TASK GOAL => Each entry that follows should be given again word for word; please leave out its pictures.

INPUT RECORDS =>

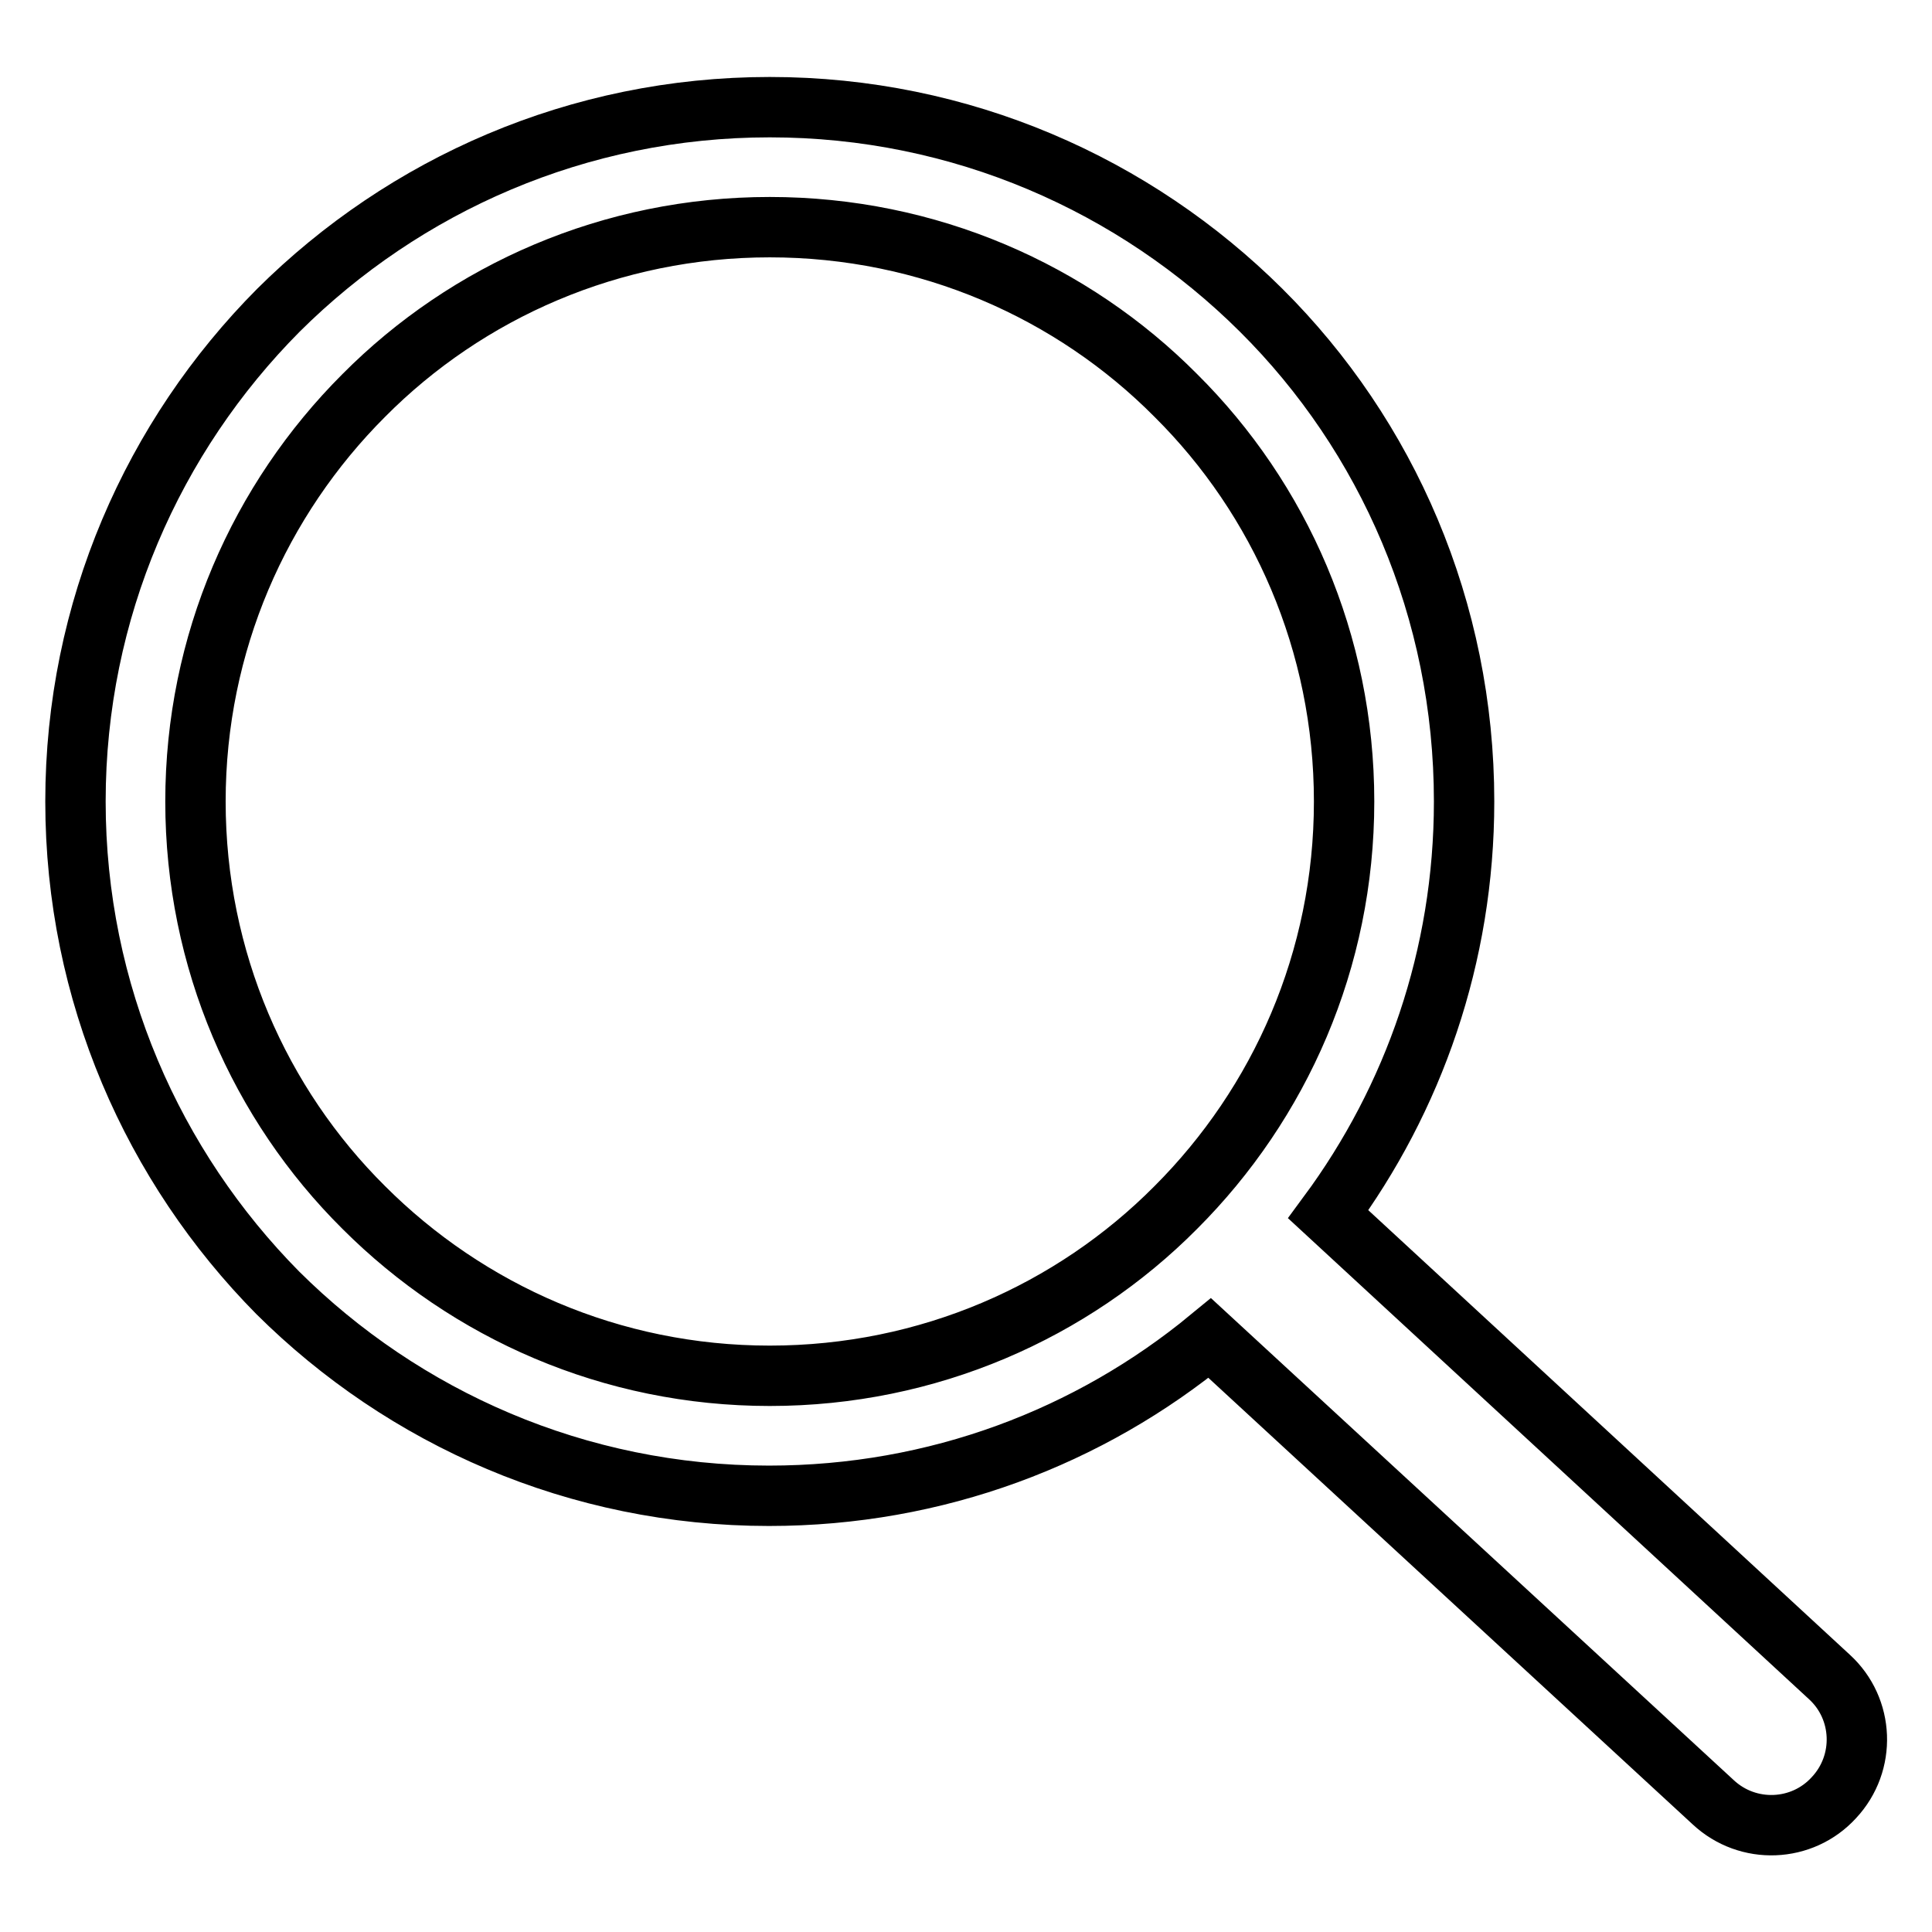 <?xml version="1.0" encoding="utf-8"?>
<!-- Svg Vector Icons : http://www.onlinewebfonts.com/icon -->
<!DOCTYPE svg PUBLIC "-//W3C//DTD SVG 1.1//EN" "http://www.w3.org/Graphics/SVG/1.1/DTD/svg11.dtd">
<svg version="1.1" xmlns="http://www.w3.org/2000/svg" xmlns:xlink="http://www.w3.org/1999/xlink" x="0px" y="0px" viewBox="0 0 256 256" enable-background="new 0 0 256 256" xml:space="preserve">
<g> <path stroke-width="8" fill-opacity="0" stroke="#000000"  d="M102,14.2c25.4,0,48.4,10.3,65.1,26.9S194,80.8,194,106.2c0,20.5-6.7,39.4-18,54.7l66.4,61.3 c4.6,4.2,4.9,11.4,0.6,16h0c-4.2,4.6-11.4,4.9-16,0.6l-66.7-61.5c-15.9,13.1-36.2,20.9-58.4,20.9c-25.4,0-48.4-10.3-65.1-26.9 C20.3,154.6,10,131.6,10,106.2c0-25.4,10.3-48.4,26.9-65.1C53.6,24.5,76.6,14.2,102,14.2z M155.8,52.4 C142.1,38.6,123,30.1,102,30.1s-40.1,8.5-53.8,22.3c-13.8,13.8-22.3,32.8-22.3,53.8c0,21,8.5,40.1,22.3,53.8 c13.8,13.8,32.8,22.3,53.8,22.3s40.1-8.5,53.8-22.3c13.8-13.8,22.3-32.8,22.3-53.8C178.1,85.2,169.6,66.1,155.8,52.4z"/></g>
</svg>

WRITTEN REPLY =>
 <?xml version="1.0" encoding="utf-8"?>
<!-- Svg Vector Icons : http://www.onlinewebfonts.com/icon -->
<!DOCTYPE svg PUBLIC "-//W3C//DTD SVG 1.1//EN" "http://www.w3.org/Graphics/SVG/1.1/DTD/svg11.dtd">
<svg version="1.1" xmlns="http://www.w3.org/2000/svg" xmlns:xlink="http://www.w3.org/1999/xlink" x="0px" y="0px" viewBox="0 0 256 256" enable-background="new 0 0 256 256" xml:space="preserve">
<g> <path stroke-width="8" fill-opacity="0" stroke="#000000"  d="M102,14.2c25.4,0,48.4,10.3,65.1,26.9S194,80.8,194,106.2c0,20.5-6.7,39.4-18,54.7l66.4,61.3 c4.6,4.2,4.9,11.4,0.6,16h0c-4.2,4.6-11.4,4.9-16,0.6l-66.7-61.5c-15.9,13.1-36.2,20.9-58.4,20.9c-25.4,0-48.4-10.3-65.1-26.9 C20.3,154.6,10,131.6,10,106.2c0-25.4,10.3-48.4,26.9-65.1C53.6,24.5,76.6,14.2,102,14.2z M155.8,52.4 C142.1,38.6,123,30.1,102,30.1s-40.1,8.5-53.8,22.3c-13.8,13.8-22.3,32.8-22.3,53.8c0,21,8.5,40.1,22.3,53.8 c13.8,13.8,32.8,22.3,53.8,22.3s40.1-8.5,53.8-22.3c13.8-13.8,22.3-32.8,22.3-53.8C178.1,85.2,169.6,66.1,155.8,52.4z"/></g>
</svg>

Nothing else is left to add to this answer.